New Engineering Strategies Boost CAR-NK and CAR-T Cell Therapies Against Cancer

Researchers have identified multiple new approaches to significantly improve engineered immune cell therapies for cancer treatment, with advances in both CAR-T and CAR-NK cell technologies showing promise for overcoming current limitations.

In CAR-T cell research, scientists have found that deleting NR2F6, a nuclear receptor previously recognized as a molecular checkpoint in suppressing immune responses, leads to marked enhancement in the performance of CAR-T cells against solid tumors. The findings suggest that removing NR2F6 helps reinvigorate exhausted CAR-T cells, enabling them to sustain their activity against tumor cells more effectively. This discovery offers insights into overcoming one of the major challenges in cancer immunotherapy—addressing the limited success of CAR-T treatments in targeting solid tumors compared to blood cancers.

Meanwhile, a team at the Institute of Zoology of the Chinese Academy of Sciences developed a breakthrough method for mass-producing natural killer cells for cancer immunotherapy. Instead of modifying mature NK cells, the researchers started with CD34+ hematopoietic stem and progenitor cells taken from cord blood. The team found that a single CD34+ HSPC could generate as many as 14 million iNK cells or 7.6 million CAR-iNK cells. The researchers estimate that one-fifth of a typical cord blood unit could theoretically yield enough cells for thousands or even tens of thousands of treatment doses. The findings were published in Nature Biomedical Engineering.

The Chinese team used a three-stage system. First, they expanded CD34+ HSPCs with the help of irradiated AFT024 feeder cells. Within 14 days, the cells multiplied roughly 800- to 1,000-fold. Next, the expanded cells were cultured with OP9 feeder cells to create artificial hematopoietic organoid aggregates, structures that support efficient NK lineage commitment and development. In the final stage, cells that had committed to becoming NK cells were allowed to mature and multiply further. This process produced highly pure iNK or CAR-iNK cells that expressed endogenous CD16.

Another major improvement was the sharp reduction in viral vector needed for CAR engineering. Compared with the amount usually required to modify mature NK cells, this method used only about ~1/140,000 (by Day 42 of culture) to ~1/600,000 (by Day 49) as much viral vector.

In laboratory testing, both iNK and CAR-iNK cells demonstrated powerful tumor-killing ability. In cell line-derived xenograft and patient-derived xenograft mouse models of human B-cell acute lymphoblastic leukemia, CD19 CAR-iNK cells reduced tumor growth and extended the animals' survival.

Separately, researchers at the Ribeirão Preto Blood Center and the Center for Cell-Based Therapy tested new chimeric antigen receptor designs that include specific costimulatory domains, such as 2B4 and DAP12. These domains act like internal activation circuits, shaping how strongly an NK cell ramps up its attack once the CAR recognizes a target. Using the NK-92 cell line, the team found the modified cells killed tumor cells more effectively, showing stronger anti-cancer activity. The results were published in Frontiers in Immunology.

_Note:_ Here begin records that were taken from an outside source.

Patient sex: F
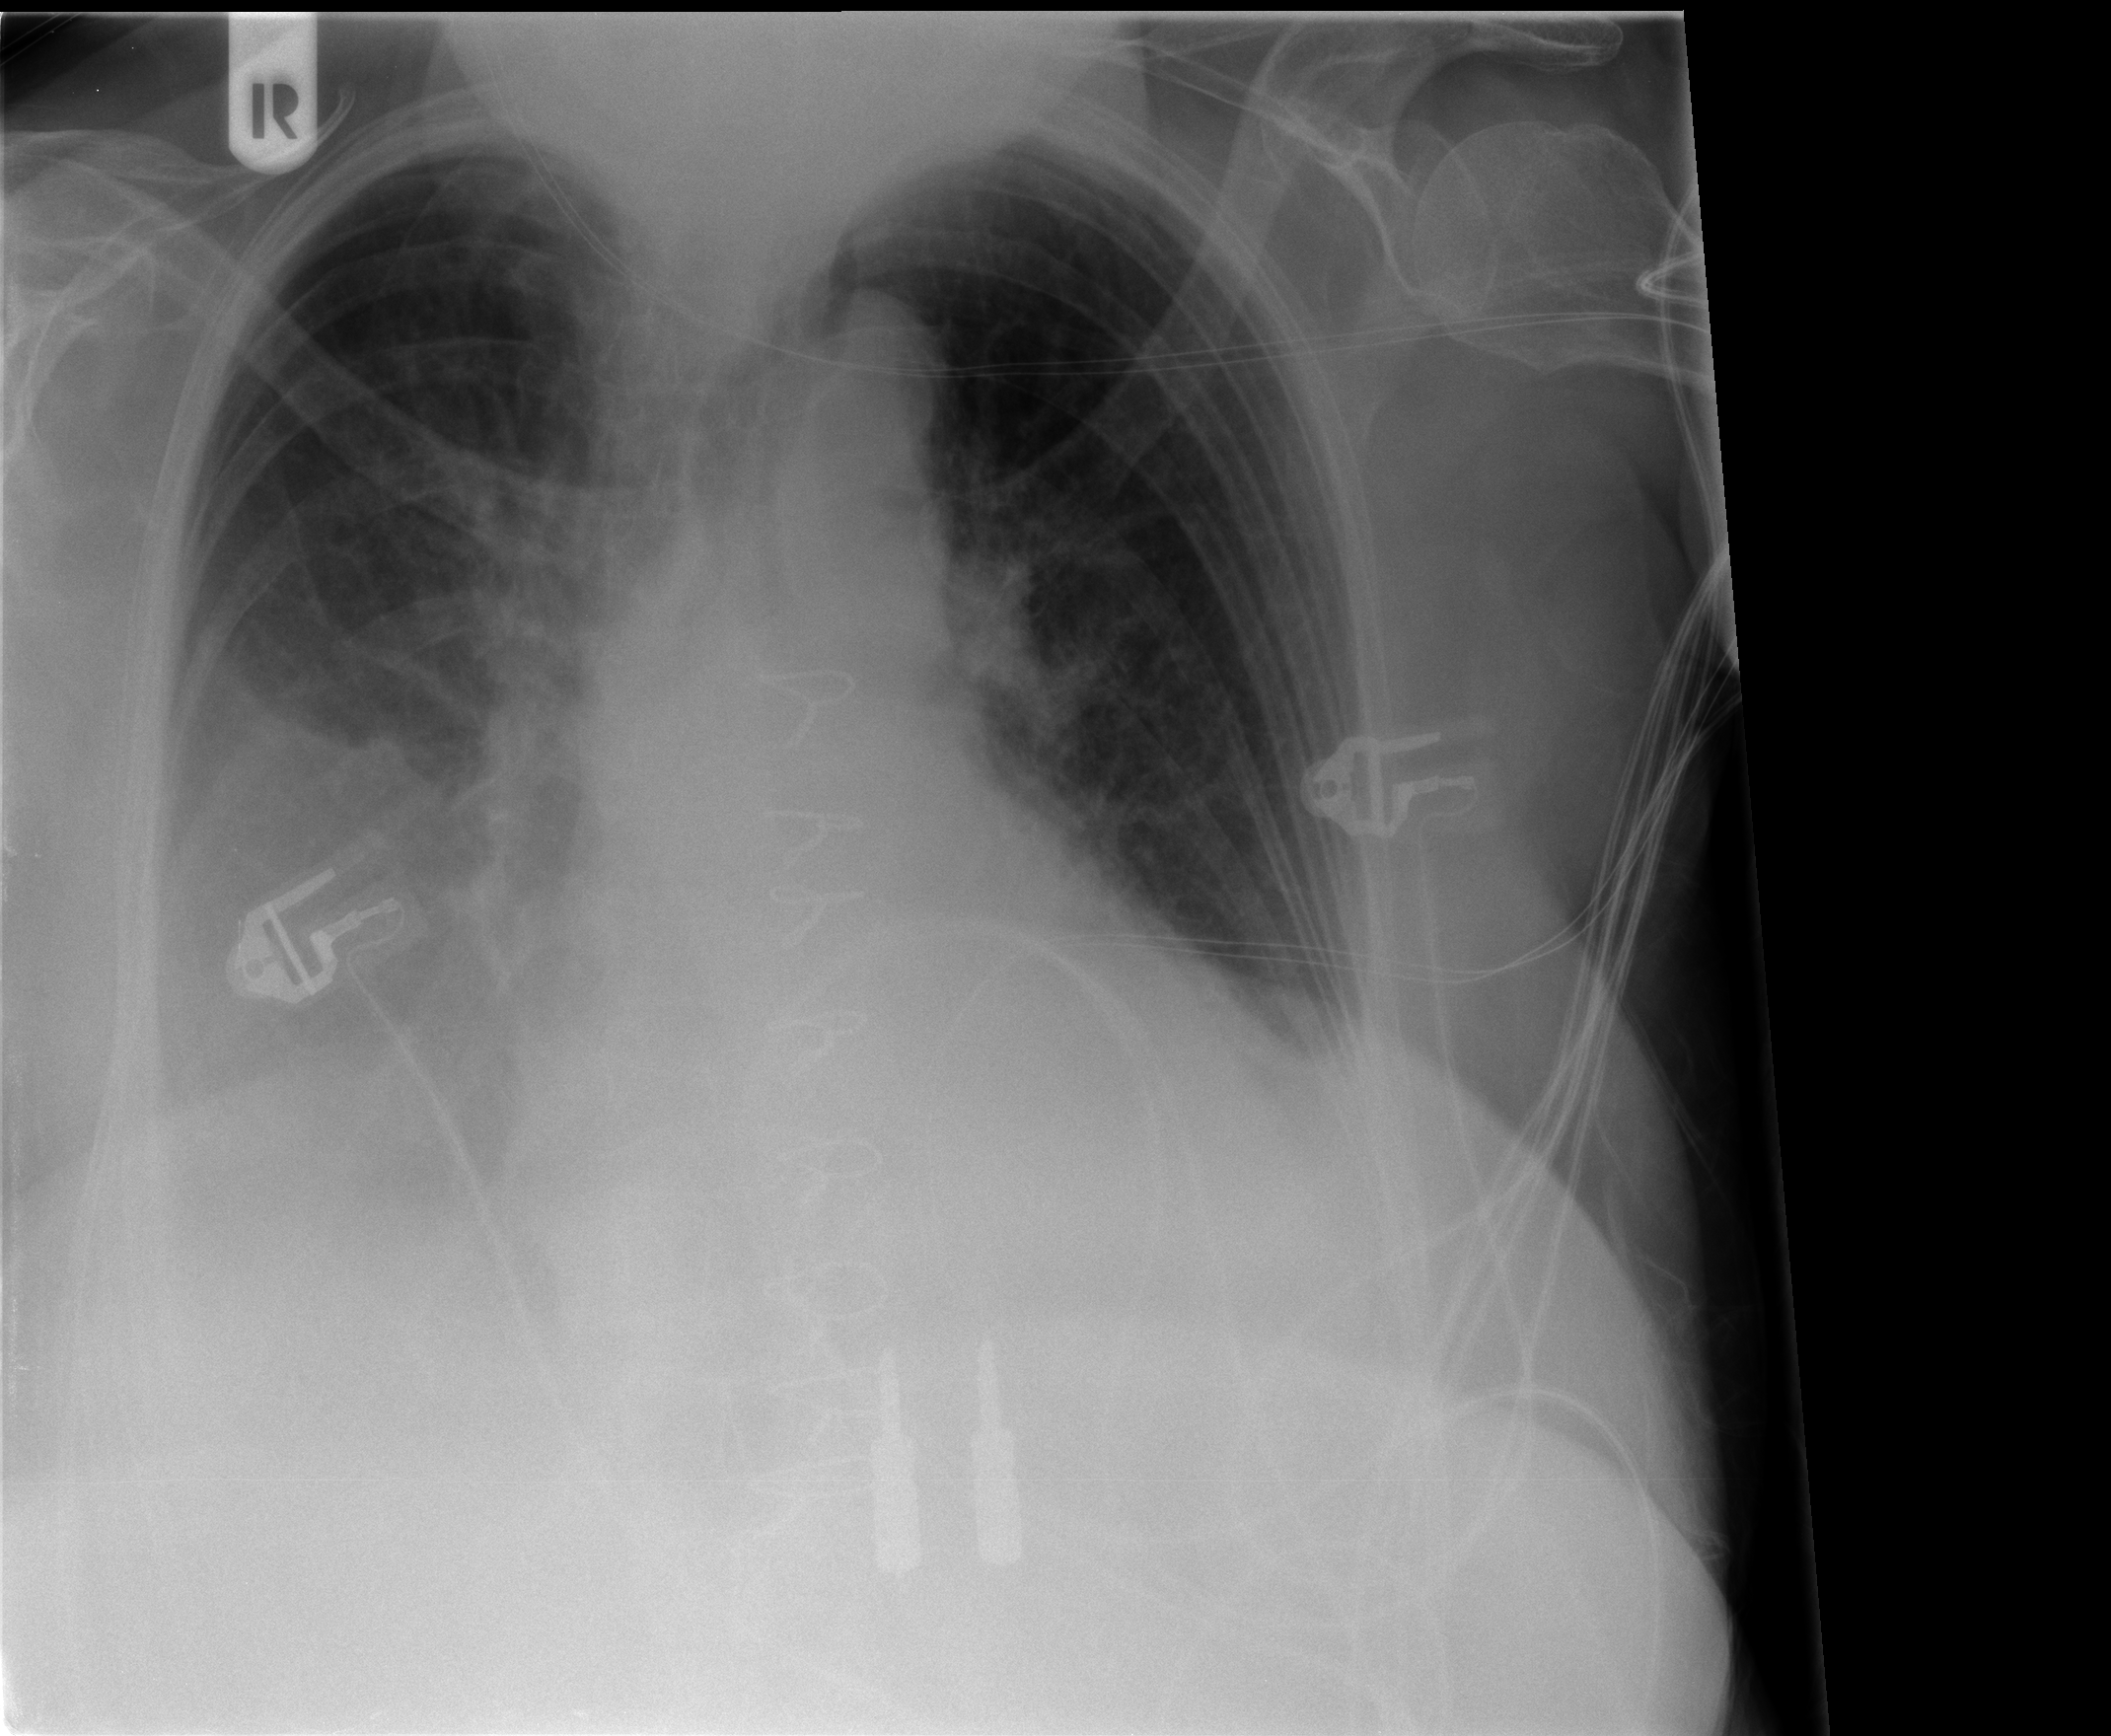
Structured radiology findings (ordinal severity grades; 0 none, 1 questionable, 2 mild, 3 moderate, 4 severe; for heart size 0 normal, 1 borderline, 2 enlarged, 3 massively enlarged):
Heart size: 2
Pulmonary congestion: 2
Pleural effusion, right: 3
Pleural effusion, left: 2
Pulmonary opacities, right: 2
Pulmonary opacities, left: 0
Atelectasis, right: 2
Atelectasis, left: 2

In the experiments, adding 2B4 and DAP12 helped put the cells in a more aggressive state, making them "ready to attack" and improving their ability to destroy tumors. The researchers also explored a practical way to manage that power: temporary pharmacological control using dasatinib. Rather than permanently altering the cells, dasatinib was used as a short-term tool to modulate activation. Animal models showed that CAR-NK cells built with 2B4-DAP12 and pretreated with dasatinib achieved better tumor control than traditional versions.

The work on cord blood-derived NK cells was supported by the Ministry of Science and Technology of the People's Republic of China and the National Natural Science Foundation of China, along with other funding sources. The CTC is one of the Research, Innovation, and Dissemination Centers funded by FAPESP.